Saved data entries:
* * * * * * *

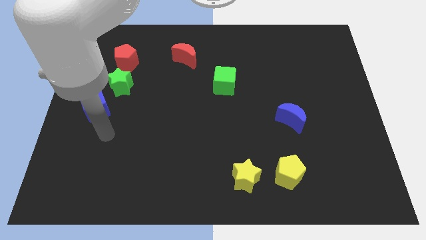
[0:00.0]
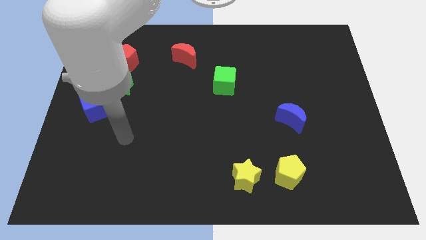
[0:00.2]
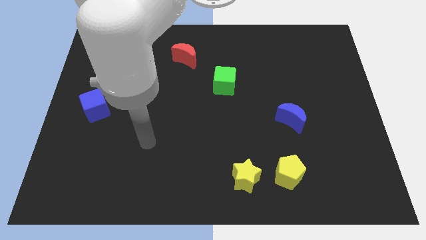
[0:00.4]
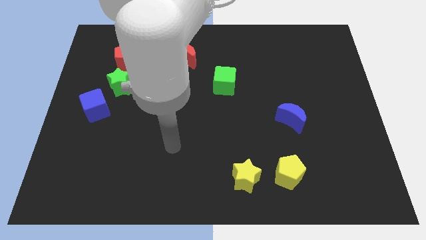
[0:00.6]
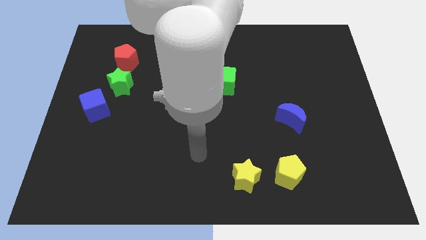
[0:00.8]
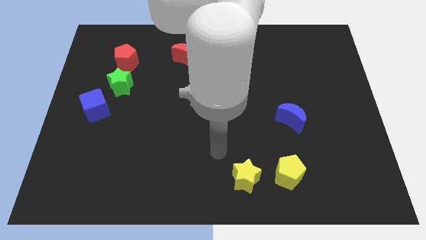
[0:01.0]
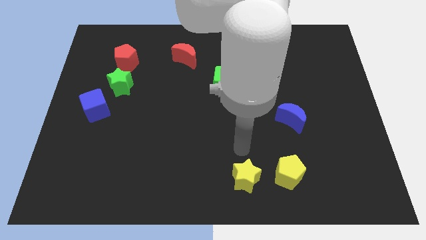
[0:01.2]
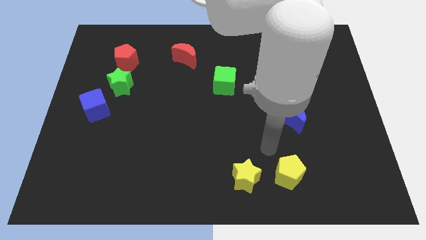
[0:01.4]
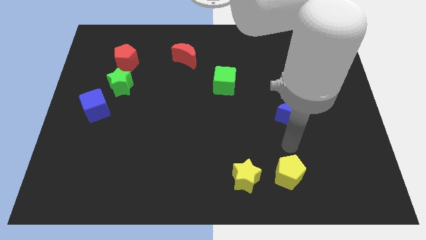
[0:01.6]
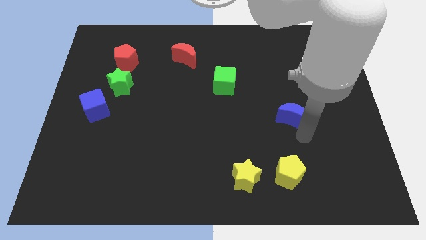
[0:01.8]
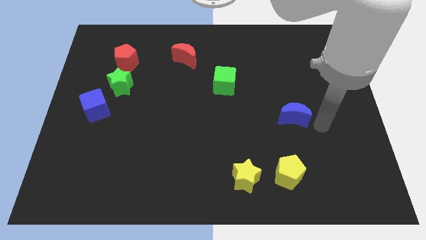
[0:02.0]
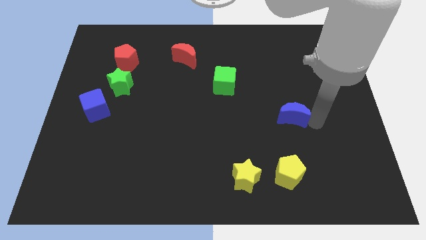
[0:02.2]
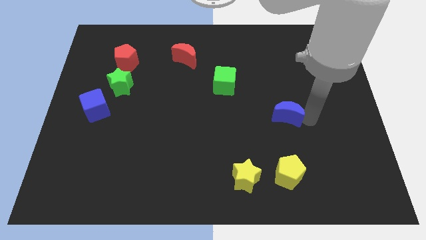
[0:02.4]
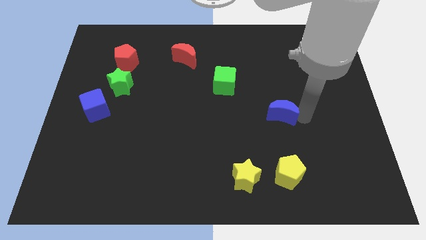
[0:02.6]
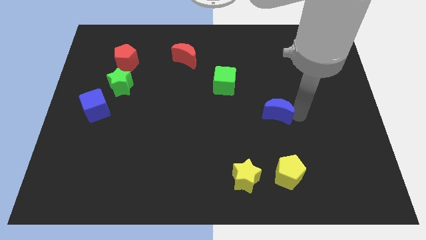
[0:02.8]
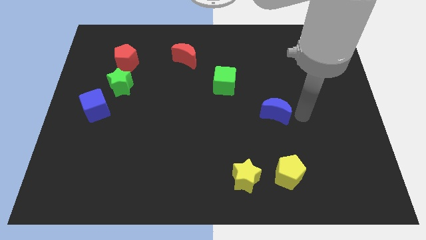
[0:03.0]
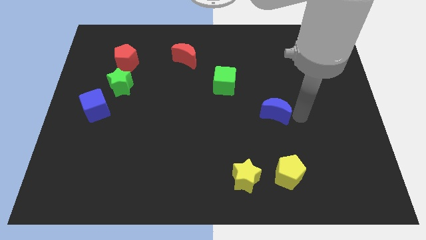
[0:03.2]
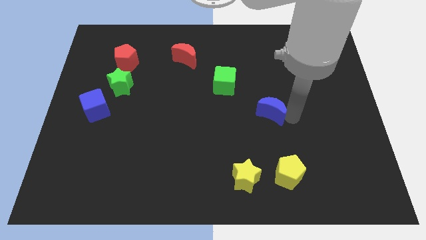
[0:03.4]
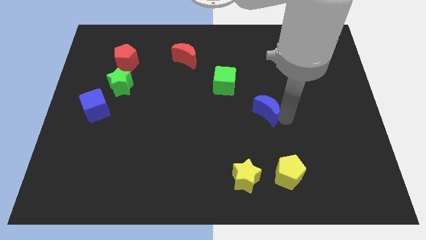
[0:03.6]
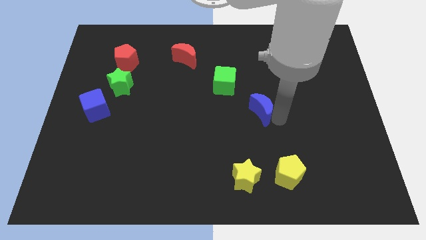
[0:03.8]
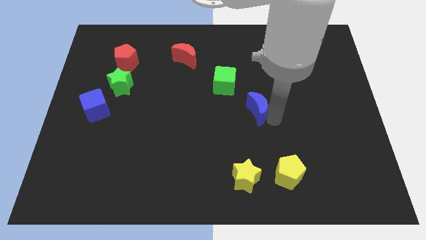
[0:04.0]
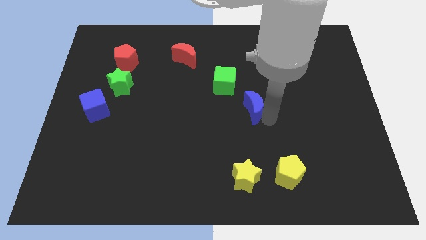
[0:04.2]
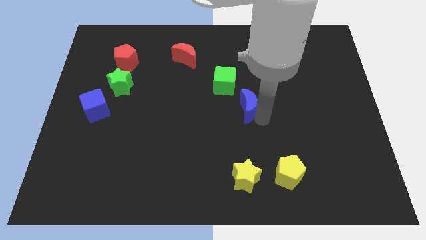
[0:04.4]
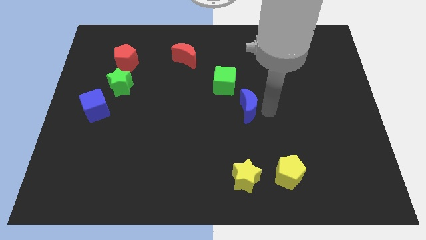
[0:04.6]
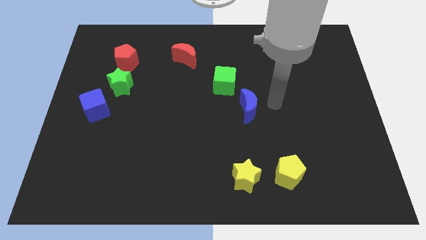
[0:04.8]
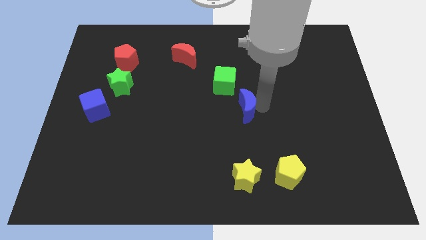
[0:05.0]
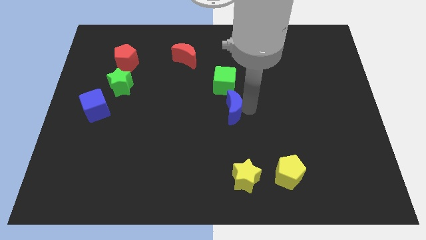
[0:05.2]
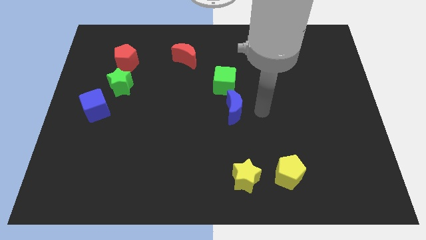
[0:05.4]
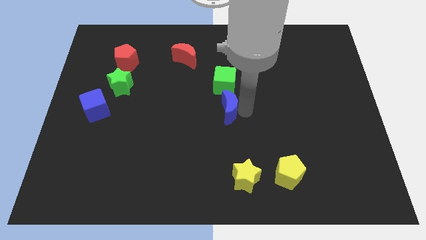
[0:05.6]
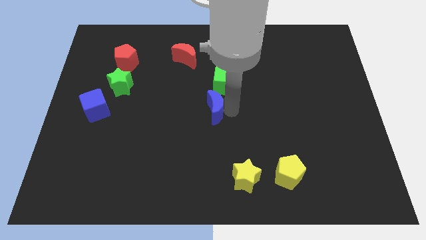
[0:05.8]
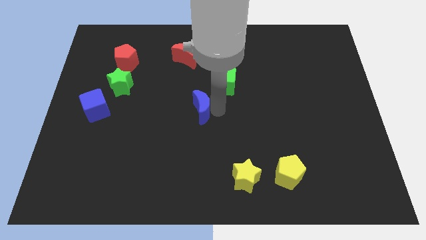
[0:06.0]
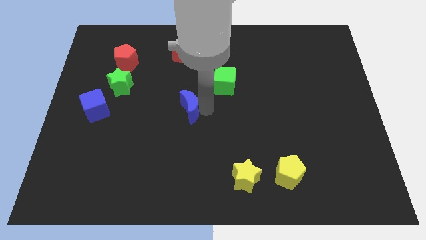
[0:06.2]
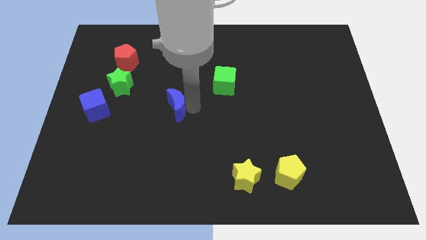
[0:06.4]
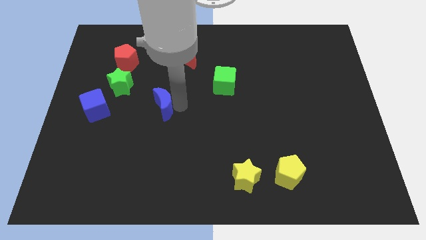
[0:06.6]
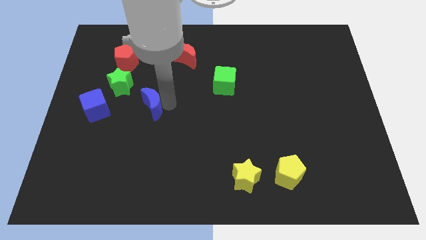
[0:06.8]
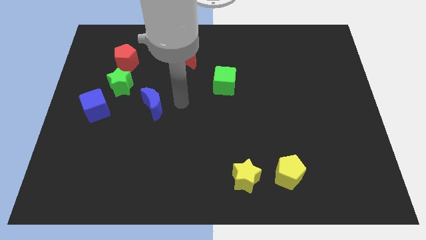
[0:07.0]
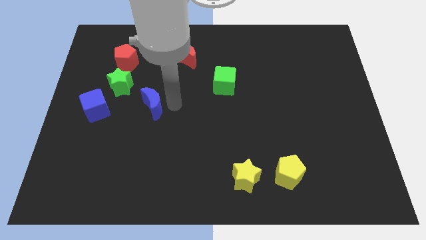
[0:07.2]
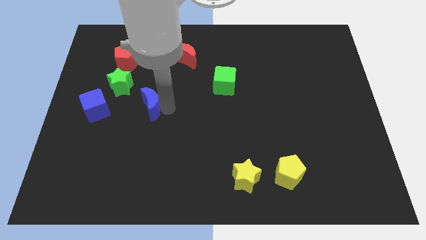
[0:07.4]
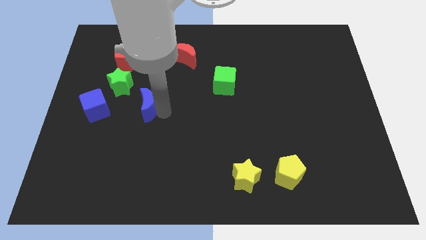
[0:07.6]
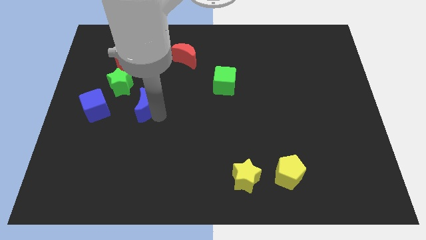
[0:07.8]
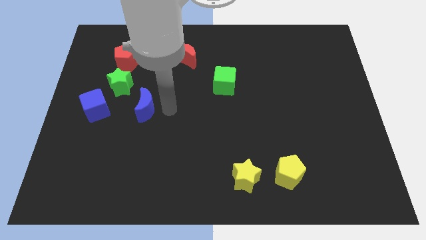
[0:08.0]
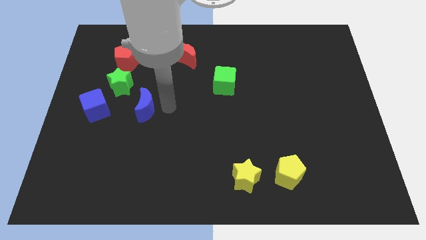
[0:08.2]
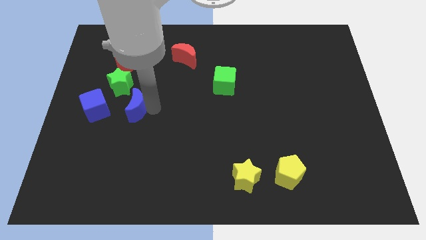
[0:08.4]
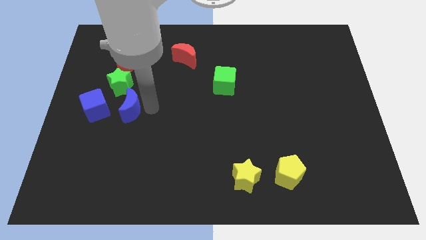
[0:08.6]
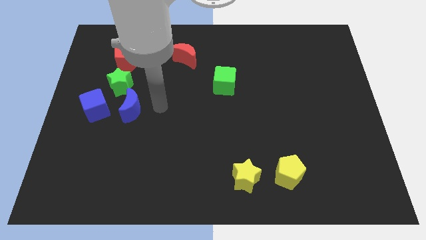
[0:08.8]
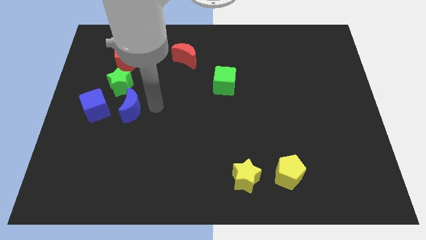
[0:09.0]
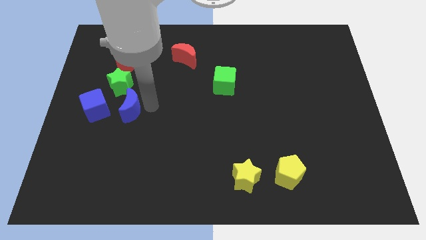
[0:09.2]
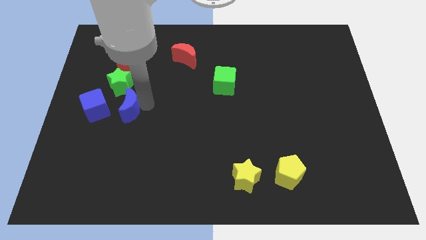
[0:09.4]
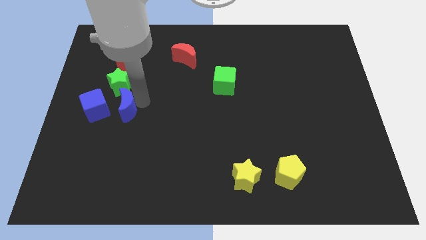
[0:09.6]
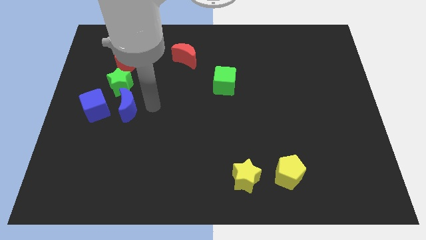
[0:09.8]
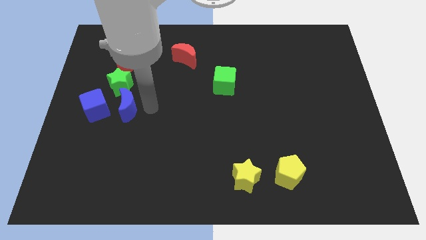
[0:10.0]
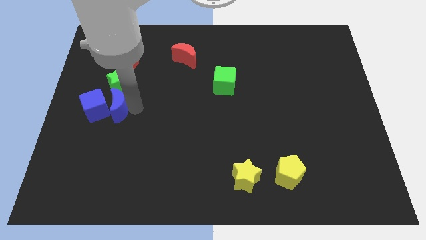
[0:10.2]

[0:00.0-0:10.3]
slide the blue moon next to the blue cube

* * * * * * *

* **INSTRUCTIONS TO FOLLOW**:
Copy out all of the data word for word. Do not carry over any picture.

* **TASK RESPONSE**:
[0:00.0]
[0:00.2]
[0:00.4]
[0:00.6]
[0:00.8]
[0:01.0]
[0:01.2]
[0:01.4]
[0:01.6]
[0:01.8]
[0:02.0]
[0:02.2]
[0:02.4]
[0:02.6]
[0:02.8]
[0:03.0]
[0:03.2]
[0:03.4]
[0:03.6]
[0:03.8]
[0:04.0]
[0:04.2]
[0:04.4]
[0:04.6]
[0:04.8]
[0:05.0]
[0:05.2]
[0:05.4]
[0:05.6]
[0:05.8]
[0:06.0]
[0:06.2]
[0:06.4]
[0:06.6]
[0:06.8]
[0:07.0]
[0:07.2]
[0:07.4]
[0:07.6]
[0:07.8]
[0:08.0]
[0:08.2]
[0:08.4]
[0:08.6]
[0:08.8]
[0:09.0]
[0:09.2]
[0:09.4]
[0:09.6]
[0:09.8]
[0:10.0]
[0:10.2]

[0:00.0-0:10.3]
slide the blue moon next to the blue cube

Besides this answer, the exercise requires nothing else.